Motherhood: A vocation that grows and changes

In 1916, Padraig Pearse was executed by the British for his role in the Irish Easter uprising.

May 12, 2017

By Effie Caldarola
In 1916, Padraig Pearse was executed by the British for his role in the Irish Easter uprising.

Pearse was more of a scholar and a poet than he was a warrior. But like many in the fledging rebellion against the British, he had a romantic view of Irish martyrdom.

One of his best-loved poems was about his mother, and as we celebrate Mother’s Day, the words that he attributes to her about his own approaching death might touch every mother’s heart: “Lord, thou art hard on mothers: / We suffer in their coming and their going.”

Pearse was prescient in suspecting that he would die young, leaving a mother behind in sorrow. A mother who had given birth to him in pain would be doubly burdened by the pain of his death. Any mother who has experienced a child’s death knows this terrible reality.

But mothers also experience “their going” in other, less heartbreaking but still profound ways. From the moment a child begins to grow in the womb — or we hear that an adoption is imminent — we know that change is afoot, that someone who is entering our life is beginning the inevitable journey away from us.

 The child of our heart will eventually grow up. Any mom who has cried in the car after leaving her child at the first day of kindergarten or bid farewell to a child in a dorm room at a college far away knows this pain of separation and change.

 The conundrum of a mother’s vocation — for surely this lifelong and deeply heartfelt commitment can only be called a vocation — is that, even as we hold our children to our hearts, we prepare them for independence, for “their going.” It’s both the glory as well as the loss that accompanies the vocation of motherhood.

A major part of the decision to embark on any vocation is the commitment to serve the world through our calling. It’s why someone chooses to be a priest, a sister or embarks on a marriage. Our response to this call is a response to God, and therefore a chance to make the world a better place.

And so it is with motherhood. Although most people will tell you that children have greatly enriched their lives, we don’t have children for our own sake. The days have passed when we need them to bring in the harvest. And we may hope they are a bright spot in our old age, but we don’t have children for that purpose.

Instead, motherhood extends and enlarges the love that is revealed in the vocation of marriage. Love desires life.

In his fascinating book, “Far From the Tree: Parents, Children, and the Search for Identity,” Andrew Solomon explores how love works through the differences between parents and children. His book focuses on children that are very different from their parents, including the child prodigy, the deaf child, the child with Down syndrome, the gay child.

 And yet, in many ways he describes what every mother knows — every child, no matter how she resembles you, is her own person.

“Parenthood,” Solomon tells us, “abruptly catapults us into a permanent relationship with a stranger.”

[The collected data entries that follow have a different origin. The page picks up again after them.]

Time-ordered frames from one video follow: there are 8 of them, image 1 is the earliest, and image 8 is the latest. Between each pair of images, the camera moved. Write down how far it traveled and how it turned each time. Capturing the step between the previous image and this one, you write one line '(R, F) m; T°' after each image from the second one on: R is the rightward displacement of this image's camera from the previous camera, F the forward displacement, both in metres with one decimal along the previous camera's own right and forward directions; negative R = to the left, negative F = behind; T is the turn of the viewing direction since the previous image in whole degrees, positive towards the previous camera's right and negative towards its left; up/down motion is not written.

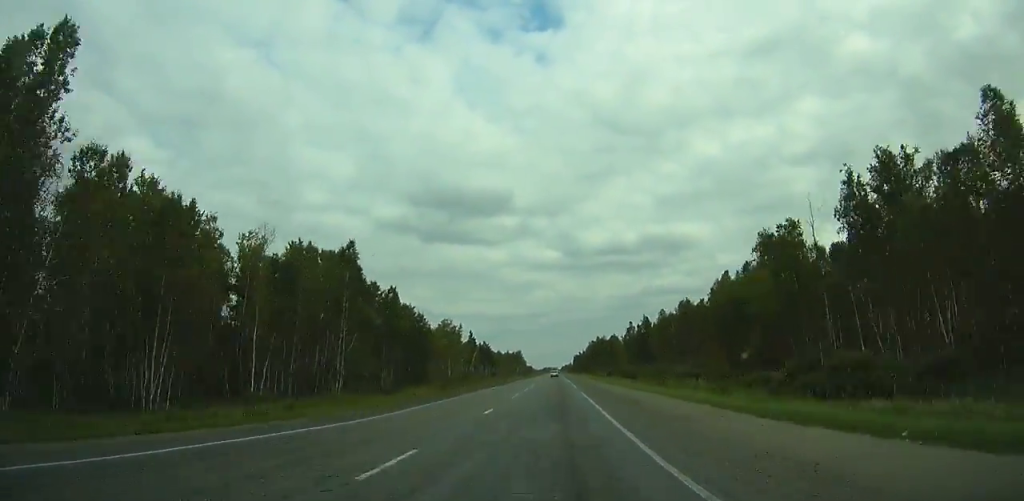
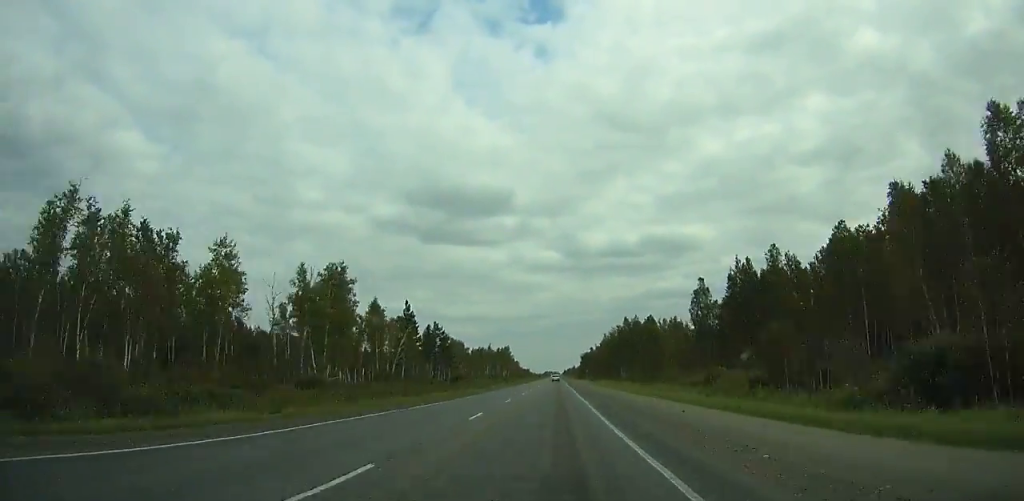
(+0.1, +100.1) m; 0°
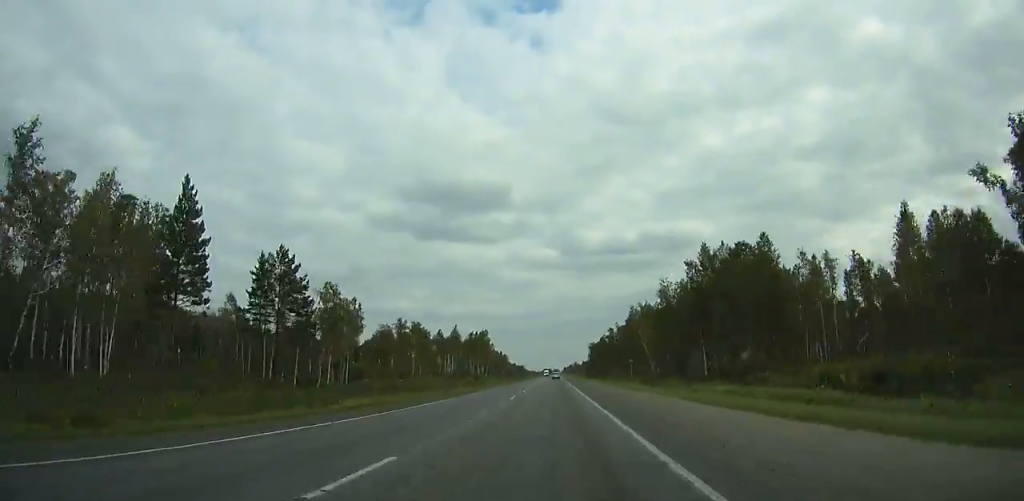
(-0.2, +83.2) m; 0°
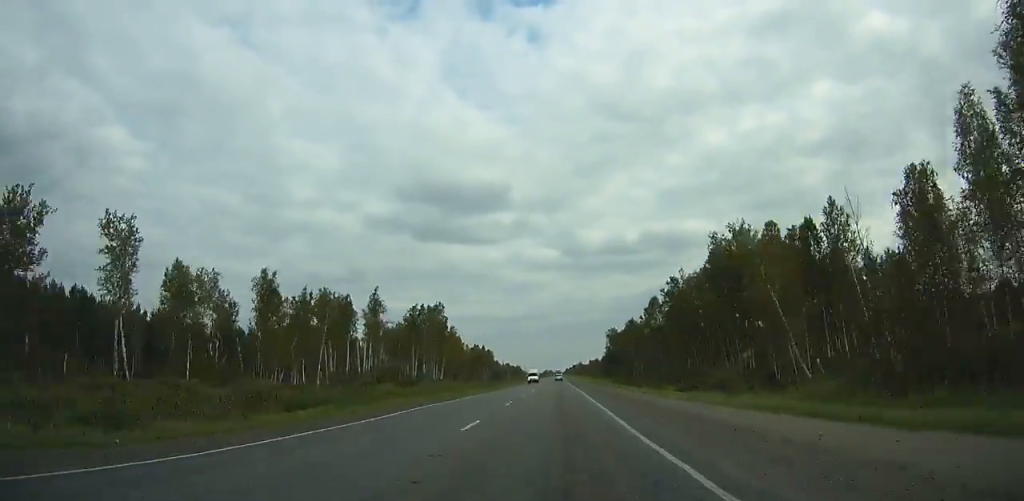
(-0.1, +74.6) m; 0°
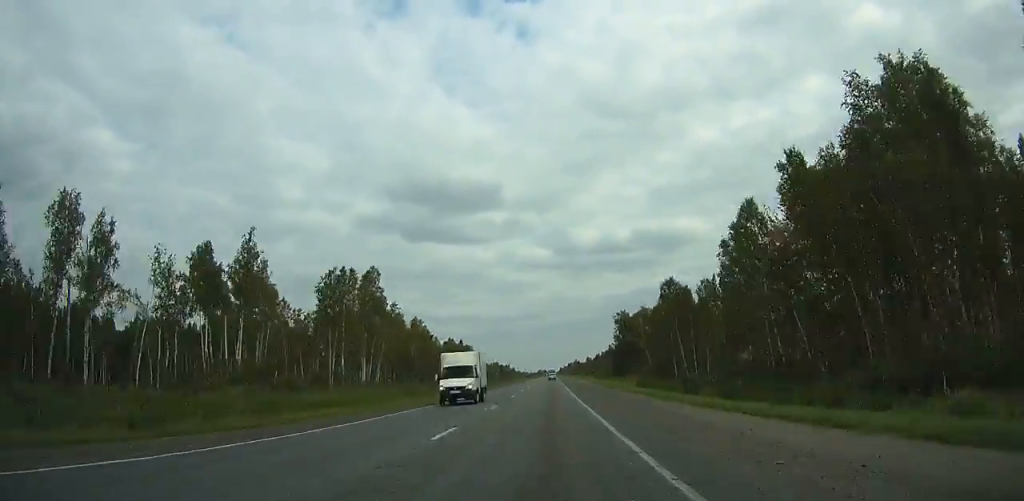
(0.0, +37.2) m; 0°
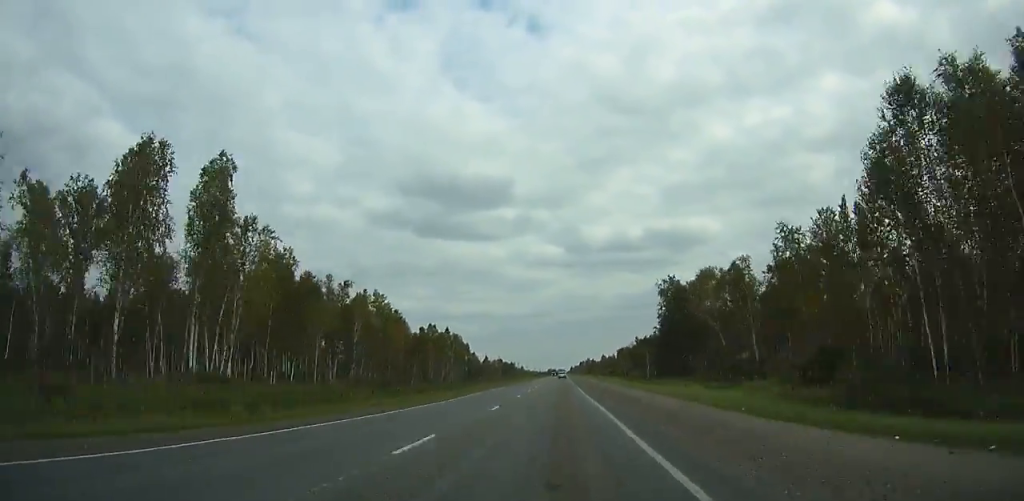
(0.0, +38.9) m; 0°
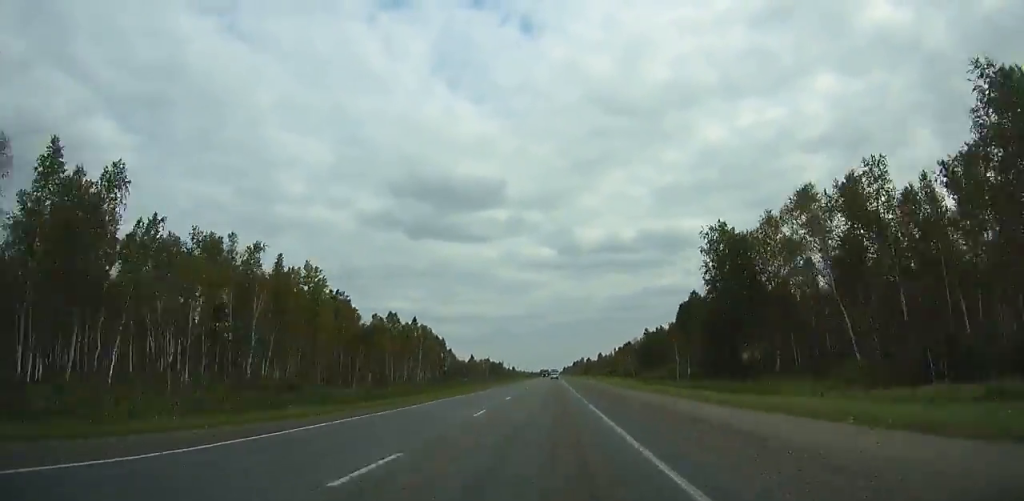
(0.0, +25.8) m; 0°
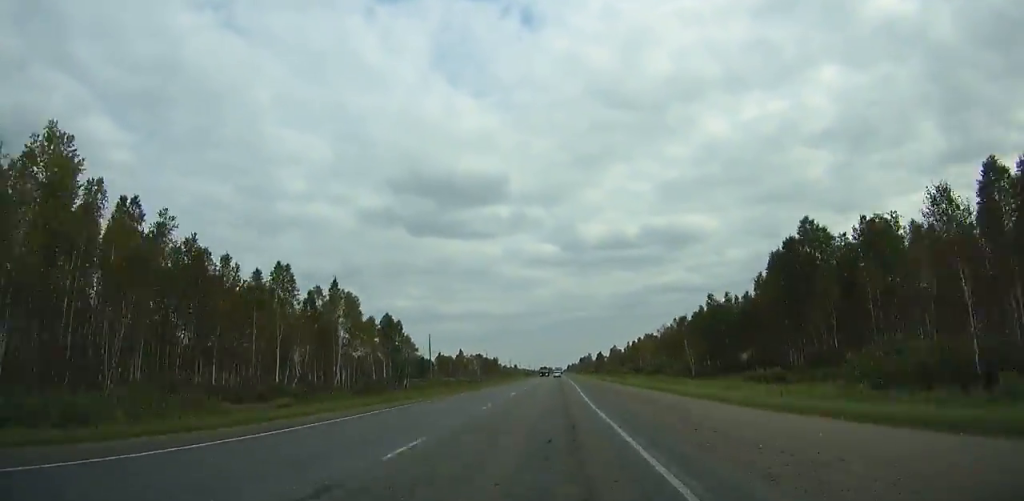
(0.0, +46.5) m; 0°

Permanence is one of the markers of vocation — the vocation to religious life, a marriage, a decision to have children — they’re all meant to be “until death do us part” commitments.

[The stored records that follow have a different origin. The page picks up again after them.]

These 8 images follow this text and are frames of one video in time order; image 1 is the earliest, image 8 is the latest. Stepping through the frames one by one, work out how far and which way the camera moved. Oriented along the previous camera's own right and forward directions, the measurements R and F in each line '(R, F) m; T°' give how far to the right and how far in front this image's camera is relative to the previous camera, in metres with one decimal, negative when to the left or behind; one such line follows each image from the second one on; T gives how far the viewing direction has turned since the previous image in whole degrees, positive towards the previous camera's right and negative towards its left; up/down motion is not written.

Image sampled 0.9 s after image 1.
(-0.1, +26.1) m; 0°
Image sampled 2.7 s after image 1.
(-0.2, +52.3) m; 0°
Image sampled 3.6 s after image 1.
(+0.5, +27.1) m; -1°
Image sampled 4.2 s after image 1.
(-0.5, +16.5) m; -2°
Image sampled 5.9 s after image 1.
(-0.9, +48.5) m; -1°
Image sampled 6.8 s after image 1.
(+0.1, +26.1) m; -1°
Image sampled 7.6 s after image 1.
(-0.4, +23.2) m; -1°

And although everyone changes and grows within a vocation, motherhood casts us into a vocation where the “other” changes dramatically and where the control we initially feel gradually deserts us.

Every mother and every child can identify at least a bit with Solomon’s statement: “From the beginning, we (parents) … long for what may be life’s most profound compliment: their choosing to live according to our own system of values. Though many of us take pride in how different we are from our parents, we are endlessly sad at how different our children are from us.”

And therein lies another conundrum of this vocation: There comes a time when we step back and acknowledge that, even as our relationship blossoms, our work is largely done. Certainly, we remain supportive and present, and if we’re lucky, involved with grandchildren.

But as our children mature, our vocation demands a certain detachment. The mother of adult children may have a tongue sometimes scarred from biting, but her prayers for her children never end.

Our vocation as we grow older is to pray, to be supportive, to rejoice in our children and grandchildren, to credit ourselves for success and forgive ourselves for expectations never met. We did the best we could. Mothers must not be “endlessly sad” if a child sometimes chooses a different value than our own.

In Pearse’s poem, he imagines his mother saying, “I will speak their names in my own heart/ In the long nights;/ The little names that were familiar once …”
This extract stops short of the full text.